Site icon Politik Merkez

Küresel Sermaye, Ülke Politikaları ve Üstün İnsan Gücü

kuresel-sermaye-ulke-politikalari-ve-ustun-insan-gucu

Küresel Sermaye

Okuyucu

Basit bir anlatımla başlayalım, herkesin elinde olmaya başlayan cihazların edinimiyle ilgili hesapla yola çıkalım. Buradan devlet işleyişi, bütçe uygulamaları, küresel sermayenin düzeni, insan gücü, liderlik, gelişme, politikalar ve erdemlerle ilgili konulara değinelim. Sonuçta da muttakinin görüşünü vurgulayalım. Göreceğiz ki bireysel gücün önemi her noktada kendini hissettiriyor.

Teknolojiden Alınan Vergi

Üretilmeyen ve tüketime konmayan her teknolojik üründen dolayı sayısız kaybın olduğunu devletten çok vatandaş bilmeli. Örneğin bir teknolojik ürünün üretildiği ülkede parakente satışı 1.000 $ olsun. Aynı ürünün örneğin ülkemizdeki satışının 4.000 TL olduğunu biliyoruz. Ürün satışı normal şartlardaki bir hesapla 3.000 TL’yi geçmemesi düşünülürken arada 1.000 TL’lik farkın olmasını neyin karşılığı olarak ödediğimizi yeterince düşündük mü?

Bu küresel rekabetin bedelidir. Eğer; “yıkılmadım, ayaktayım veya gelişip ben de onlar gibi olacağım…” diye düşünüyorsanız, işte bunun bedelidir.
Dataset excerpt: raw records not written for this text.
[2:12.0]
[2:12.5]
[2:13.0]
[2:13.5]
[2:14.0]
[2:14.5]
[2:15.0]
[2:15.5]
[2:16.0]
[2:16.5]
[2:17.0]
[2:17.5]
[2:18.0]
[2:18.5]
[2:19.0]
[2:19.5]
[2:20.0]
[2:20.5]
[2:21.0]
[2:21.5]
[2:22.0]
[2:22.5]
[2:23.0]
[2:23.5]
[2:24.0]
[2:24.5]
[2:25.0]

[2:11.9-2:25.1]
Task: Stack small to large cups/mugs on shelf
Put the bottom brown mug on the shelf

Refah ve güvenlik örgüsünü kendi stratejisine koyabilmiş ülkelerde uygulanan (kabaca) 2 yöntem vardır. Bunlar:

Devlet daha ziyade iradenin politikasıyla ve kabul edilen hedeflerin yönetimiyle ilgilidir. Üniversiteler, bürokrasi, üreticiler, yatırımcılar ve tüketiciler neyle ilgiliyse; ancak verecekleri oy’un rengini değiştirerek politikalarını somutlaştırırlar, esasında projelendirirler.

En Önemlisi İnsan Gücüdür

İlk bakışta anlaşılıyor ki (örneğin) Türkiye bütünündeki vizyon ancak ikinci yöntemi karşılayabiliyor. “Devlet böyle uyguluyorsa, vatandaşın suçu ne?” diye bakmayalım! Bunun sebebinde yatan asıl konu ise insan gücüdür.
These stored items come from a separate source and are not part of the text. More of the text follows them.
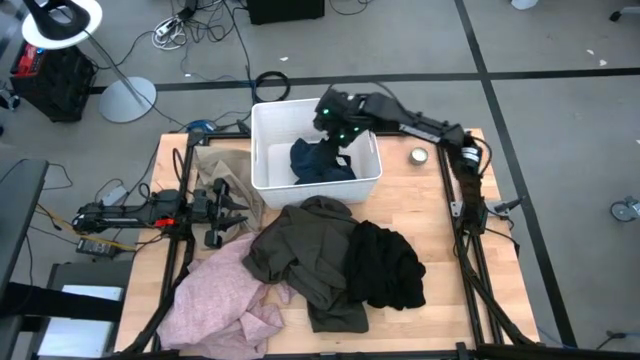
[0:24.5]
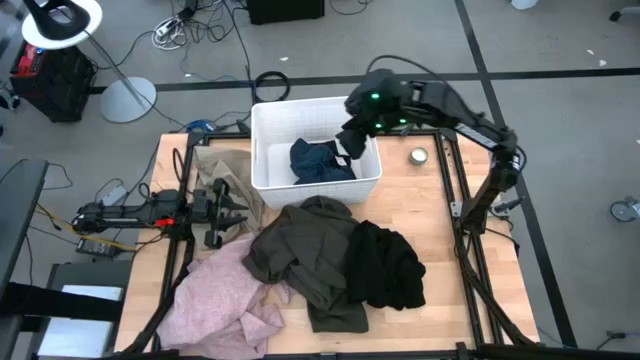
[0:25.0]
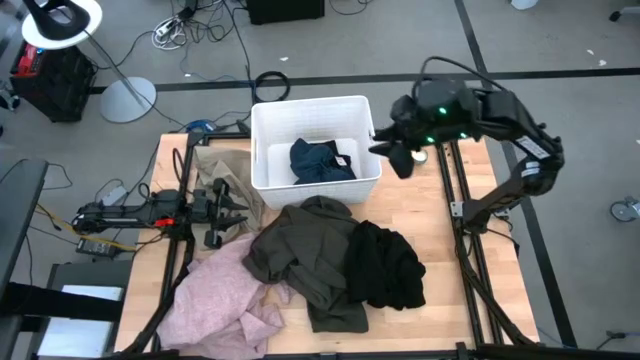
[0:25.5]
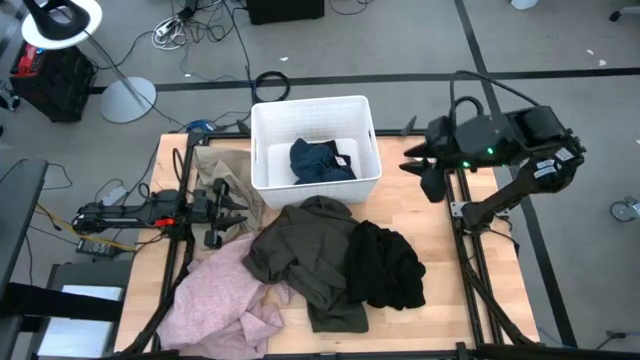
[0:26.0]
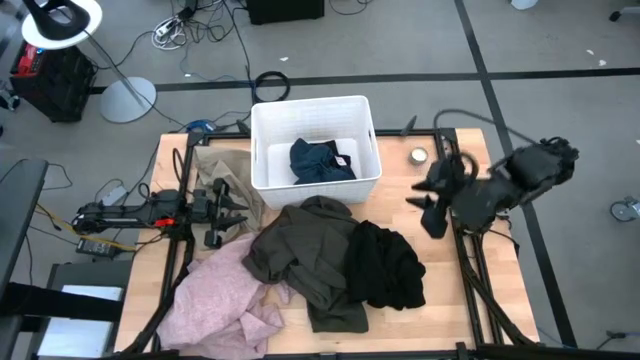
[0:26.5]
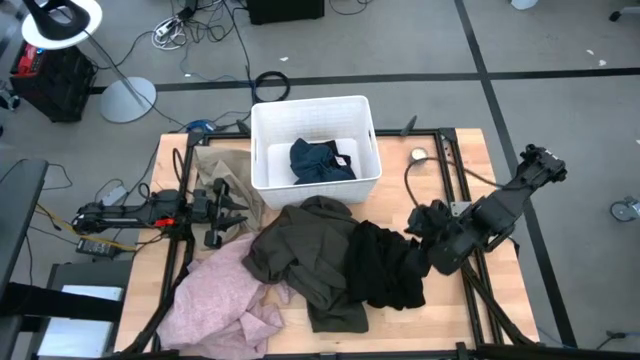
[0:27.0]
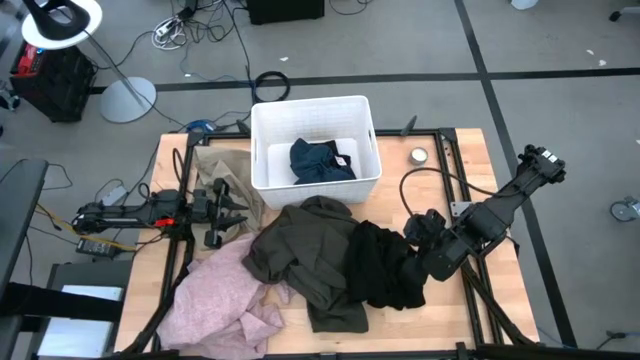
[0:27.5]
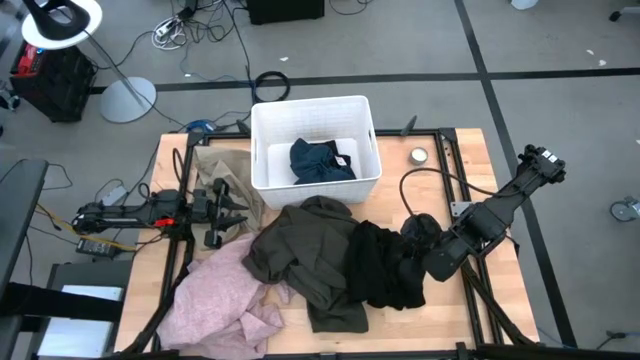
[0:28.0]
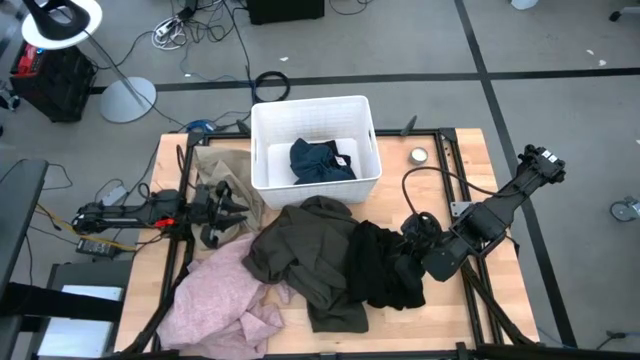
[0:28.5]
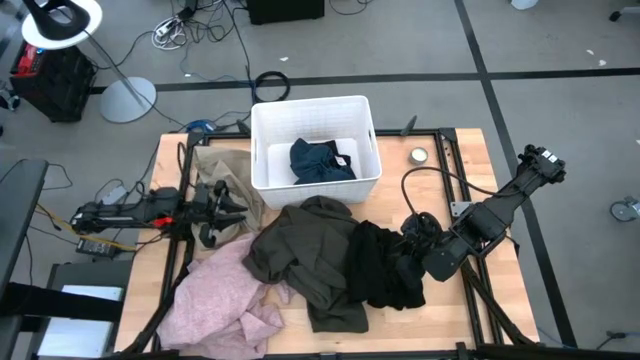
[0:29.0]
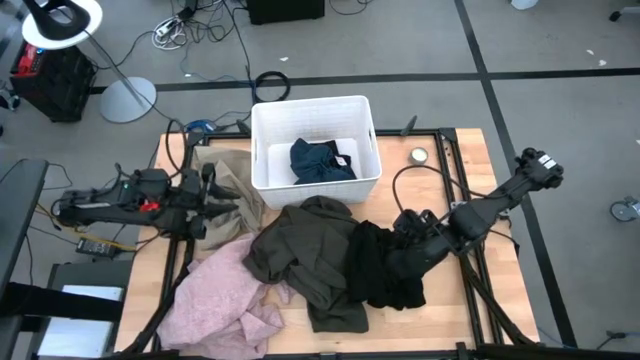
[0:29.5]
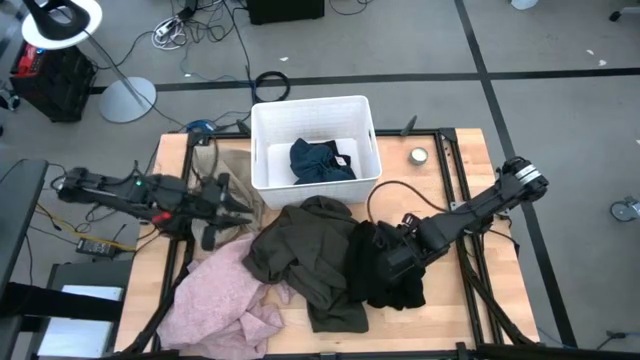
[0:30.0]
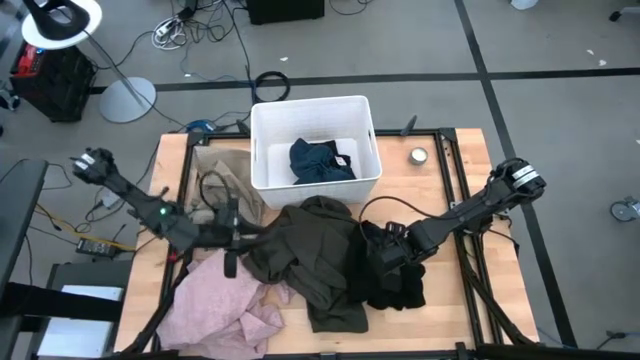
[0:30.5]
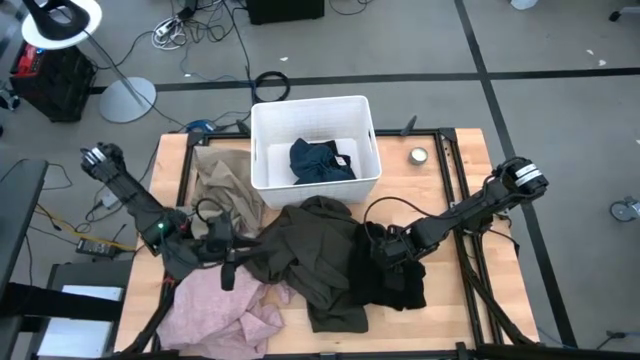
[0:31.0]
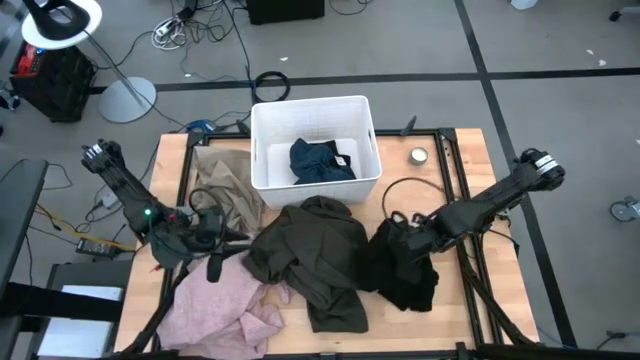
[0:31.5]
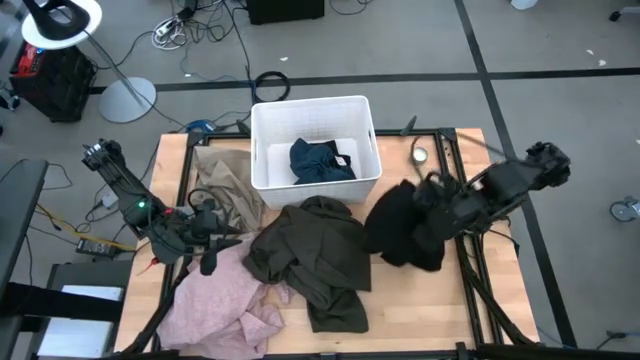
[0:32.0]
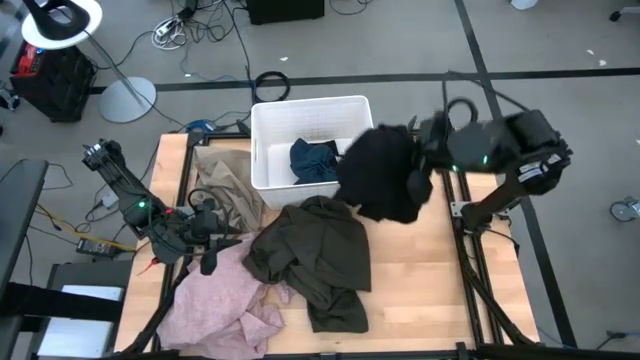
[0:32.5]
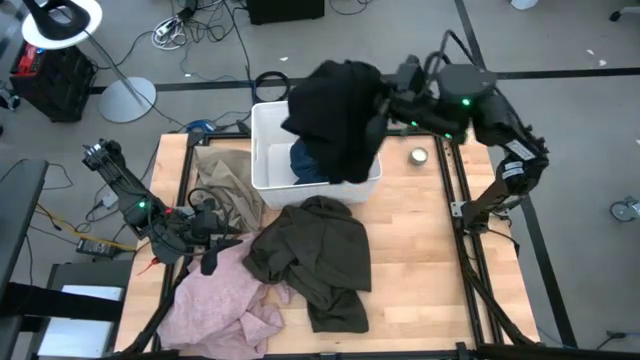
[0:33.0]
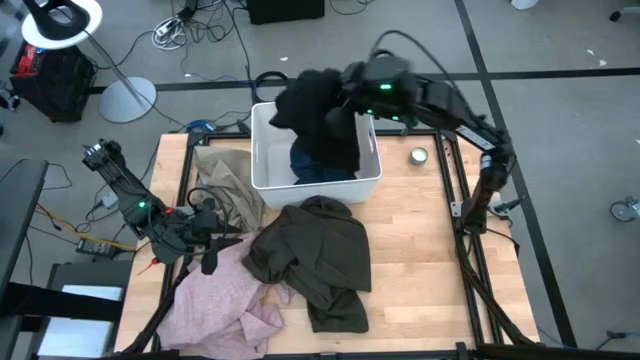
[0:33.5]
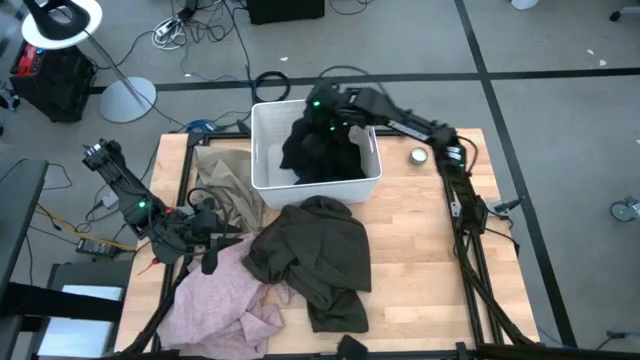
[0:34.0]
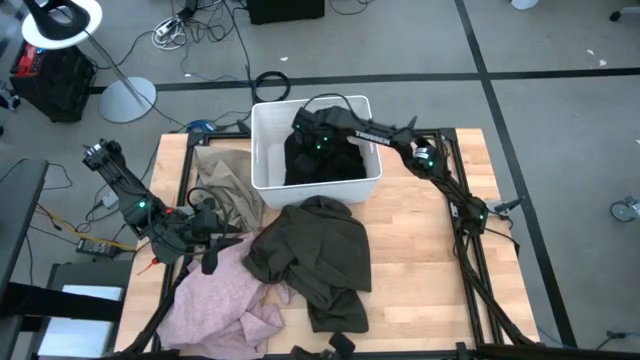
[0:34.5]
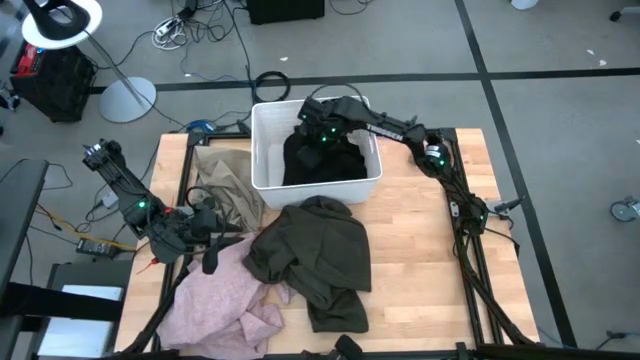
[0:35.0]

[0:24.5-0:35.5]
Task: Sort clothes
Put the black shirt into the white laundry bin

İnsan gücünün kapsamında toplumun ve yönetimin her katmanındaki bireyler sorumluluk taşırlar ve onların güçleri devletlerinin güçleridir. Örneğin lider de, tarım işçisi de ülkenin kaynağıdır.
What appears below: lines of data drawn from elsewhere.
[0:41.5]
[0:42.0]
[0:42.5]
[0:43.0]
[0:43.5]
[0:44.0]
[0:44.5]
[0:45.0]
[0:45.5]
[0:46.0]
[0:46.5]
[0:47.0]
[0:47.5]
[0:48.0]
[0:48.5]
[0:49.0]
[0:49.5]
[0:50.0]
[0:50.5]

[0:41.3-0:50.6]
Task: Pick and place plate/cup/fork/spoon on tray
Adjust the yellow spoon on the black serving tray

Sıkı Para Politikası ve Görme Yetisi

Uygulamaya bakıldığında vergiler ve dolaylı vergilerin tümü vatandaş için bir pahalılık unsurudur. Aynı zamanda bu konu (piyasaya para arzı ifadesiyle giren ama aslında kelimenin tam anlamı ile sıkıntıya katlanmayı mecbur kılan) bir “sıkı para politikasının” uygulanmasına zemin hazırlıyor. Sıkı para politikasının dolaylı gereği olarak; vergilerin artırılması, ücretlerin kısılması, tasarrufun artırılması gibi her türlü tedbir uygulanabiliyor.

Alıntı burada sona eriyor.